Brian Ferry – Voice, Keyboards

Andrew Mackay – Oboe, Saxophone

Phil Manzanera – Guitar

Paul Thompson – Drums

Brian Eno – Synthesizer, Tapes

John Porter – Bass

I regard this album as the natural next step in progression from the first self titled lp Roxy Music of 1972 but taken as a distinct recording on its own, I feel it is leaps and bounds past the first record in terms of a band’s maturity. Where the first record was obviously earth shattering and nevertheless unique when it came out in 1972 in that there was simply nothing like it that came before, For Your Pleasure solidified the concept of avant garde rock as a new genre on the scene. Roxy had a strange hybrid of sounds going on at the time, obviously glam but other disparate vibes like 50’s R&B and proto-ambient Berlin school Kosmiche, a la early Kraftwerk and Can, but none of these other genres were obvious but merely hints, teases. You had a sense of the different, the new, but you didn’t quite know from where. Circus Magazine gave it a ‘For Savory Tastes Only’ vote and those were the albums that I mostly bought, usually without the slightest chance of hearing them before a purchase. I was rarely disappointed.

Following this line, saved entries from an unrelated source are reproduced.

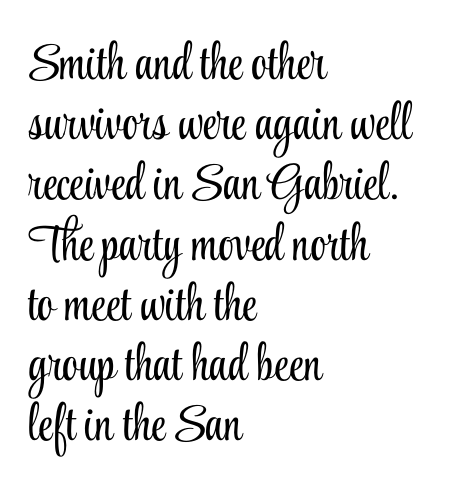
A typesetter would call this proportional, since set widths differ per character. Nobody touched the tracking dial on this one. Compared with a centered layout, this one pins lines to the left instead. Lines of text with bare space underneath. Vertical stems look standard width or narrower in stroke.
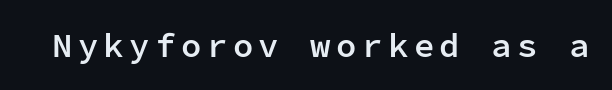
The image shows 34 px semibold sans-serif type, upright, monospaced; set not underlined; low stroke contrast and a medium x-height.
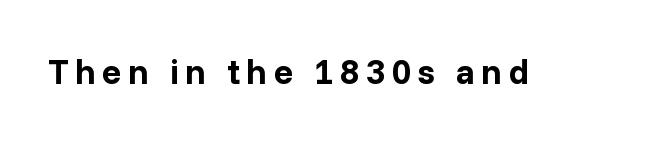
The image shows 36 px bold sans-serif type, upright; set not underlined; low stroke contrast and a medium x-height.
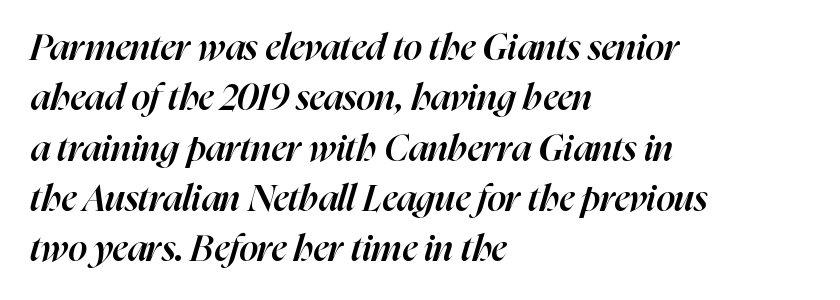
{"italic": "yes", "lean": "right", "slant_degrees": 16, "bold": "semi", "weight": "semibold", "width": "normal", "stroke_contrast": "high", "x_height": "medium", "monospaced": "no", "underline": "no", "align": "left", "line_spacing": "normal", "line_spacing_ratio": 1.36, "letter_spacing": "normal", "letter_spacing_em": 0.0, "glyph_px": 37}

I do remember being totally fascinated by the Circus Magazine article and couldn’t wait to pick this lp up. The cover alone was the clincher for me, with Amanda Lear walking a panther on a leash on the front cover only to flip it over and see Bryan Ferry as a limo driver waiting for Miss Lear to finish her stroll and take her (and the panther) home. As someone in grammar school with an over active imagination, this was fodder for my juvenile fascinating. The inner gatefold was even more alluring. As a neophyte guitar player, never did I see so many strange guitars before like a Hagstrom Swede, Gibson Firebird and a Weissenborn slide guitar amongst others being held by the band members and it would be many years before I would actually have the chance to play any of them for real.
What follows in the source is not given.